Sochi’s bizarre Winter Olympics protest park
IF you’re watching the world’s best winter athletes and feel an urge to protest, you head to Sochi’s “speaker’s corner”.
IF you’re watching the world’s best winter athletes at Rosa Khutor’s snowfields and feel an urge to protest, you head to Sochi’s specially installed “speaker’s corner”.
You jump on the gondola, catch two buses, ride on a train to a village called Khosta, scurry across a rickety suspension bridge and ask for directions.
If you ask enough people, you may finally find a local who’s heard of this new Olympic-driven approach to handling dissent. You’ll also be told you’ve walked too far and to go back across said rickety bridge.
It’s a journey of more than 60km, so block out an afternoon if you’re still keen to jump on your soap box — and have been granted a police permit.
Many things may be changing in Vladimir Putin’s Russia, but greater freedoms to speak one’s mind isn’t one of them.
The so-called speaker’s corner only came into existence when the International Olympic Committee insisted the Russians lift a ban on protests at the Games.
The grandly named The 50 Years of Victory in the Great Patriotic War Park, which sits next to an elevated highway in this small village, was designated as a place of peaceful protest during the Olympics to keep the IOC happy.

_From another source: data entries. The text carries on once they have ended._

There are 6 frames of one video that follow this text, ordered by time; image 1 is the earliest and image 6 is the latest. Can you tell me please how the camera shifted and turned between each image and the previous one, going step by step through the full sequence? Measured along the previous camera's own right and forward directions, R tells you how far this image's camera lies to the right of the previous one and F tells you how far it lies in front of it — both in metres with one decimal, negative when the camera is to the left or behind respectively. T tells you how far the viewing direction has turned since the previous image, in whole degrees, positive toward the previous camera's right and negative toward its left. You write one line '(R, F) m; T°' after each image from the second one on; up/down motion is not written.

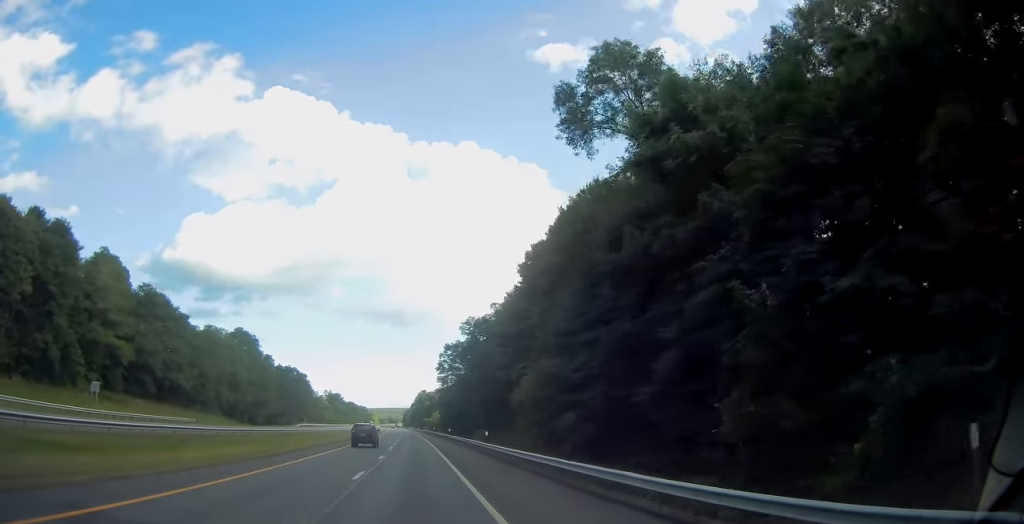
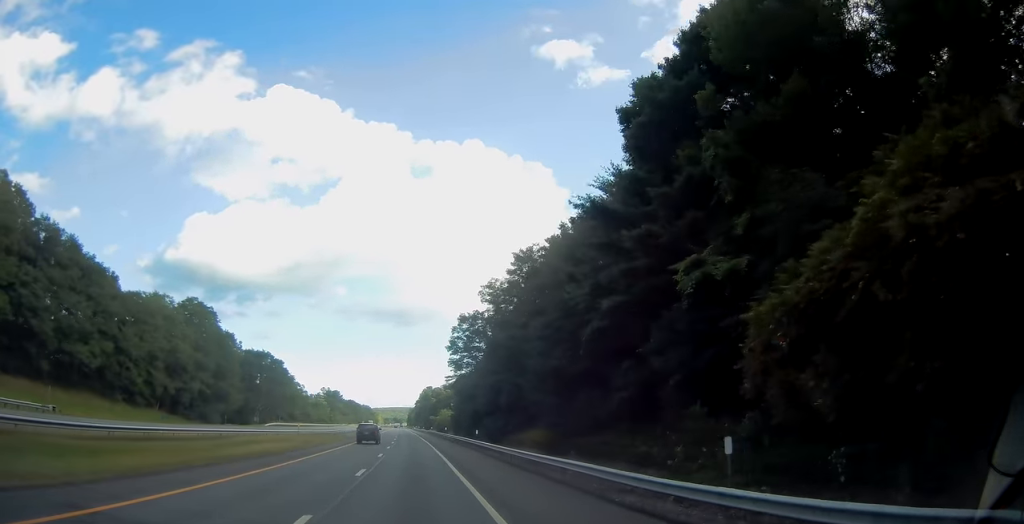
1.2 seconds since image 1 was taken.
(-0.2, +35.5) m; -1°
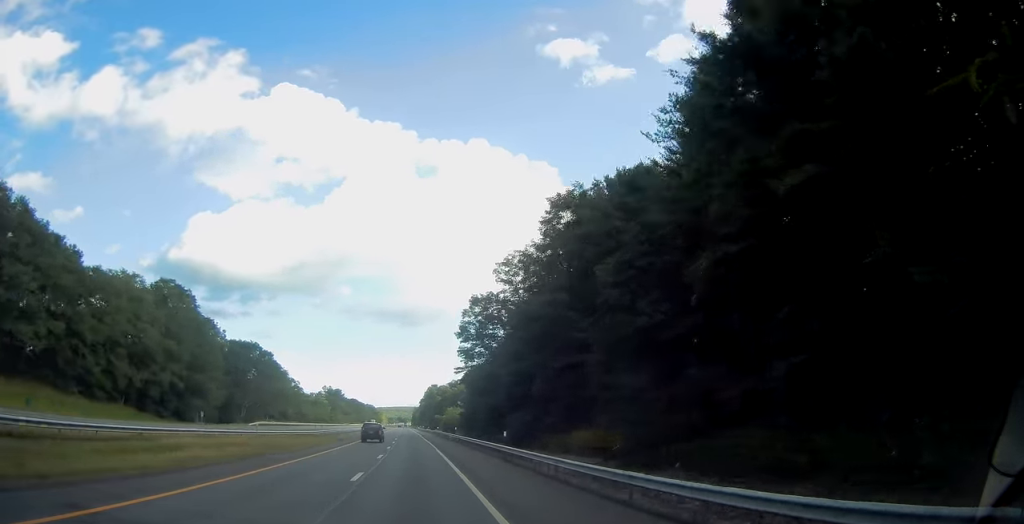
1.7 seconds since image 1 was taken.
(0.0, +14.4) m; 0°
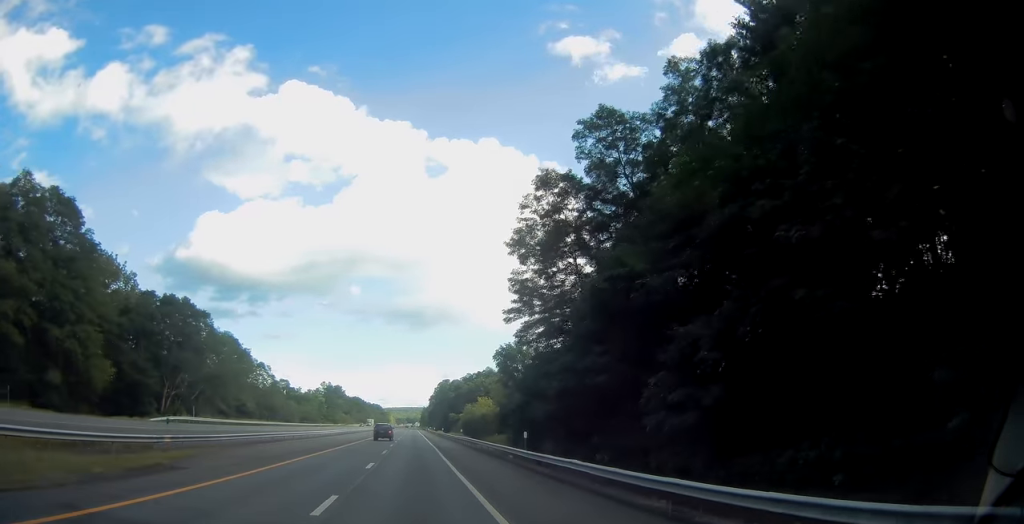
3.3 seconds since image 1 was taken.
(-0.3, +44.0) m; -1°
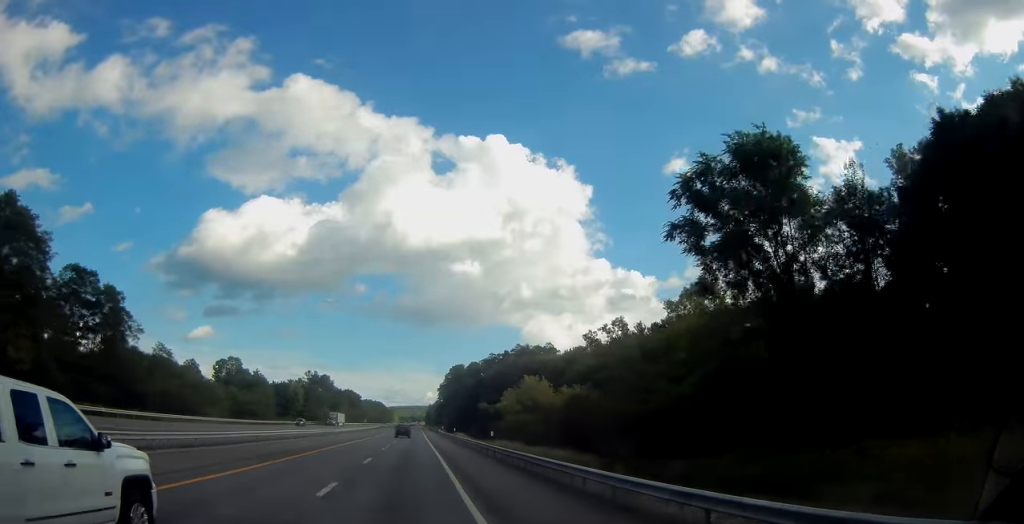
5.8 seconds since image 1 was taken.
(-0.2, +71.6) m; 0°
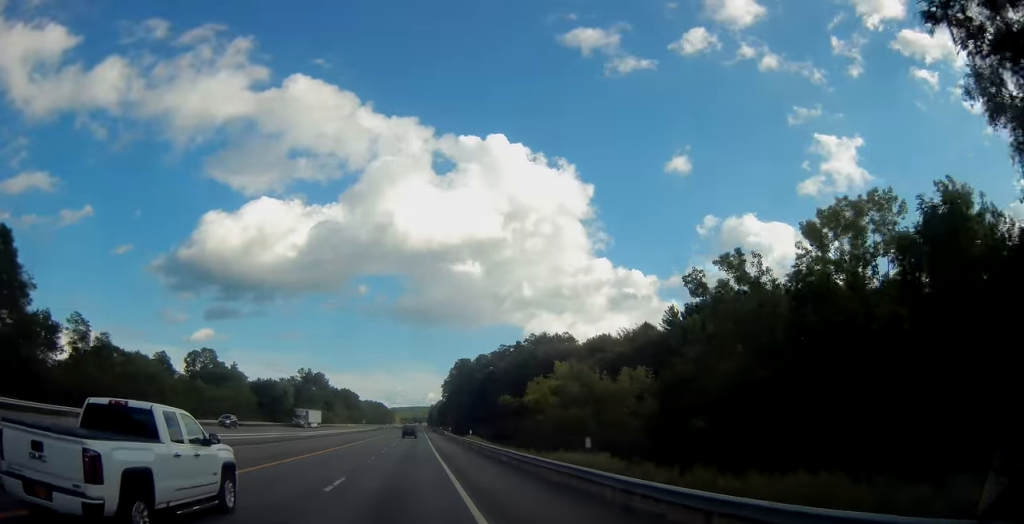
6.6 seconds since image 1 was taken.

But only one permit has been granted since the Games caravan moved into Sochi — to the local Communist Party branch, which staged a quiet rally last week for seven members.
The park is empty today, apart from a group of three local teenagers, who assist me in finding it.
One of them, George Lonshakov, explains that one of the great things about the Olympics is that “different people come here and I practice my English”.
For George, a blonde-haired, blue-eyed 17-year-old, perfecting English is a passport to take hold of the new opportunities that he hopes come after the Olympics.
“I talked to an American for 10 minutes,” he says.
He hopes to become an engineer and would like to one day work in an English-speaking country like the United States.
Asked about an anti-discrimination campaign being run by international gay activists against Russian laws, he says he doesn’t “concentrate on this when I talk to people”.
“I don’t think about it but if a man is good, why can’t I talk to him,” he says.
He would rather speak about the Olympics opening ceremony, saying he’s proud of Russia’s cultural past, especially its great writers like Leo Tolstoy.
“We’re reading War and Peace for school,” he says.
He says he believes Russia will be “better after the Olympics, or I hope it will be”.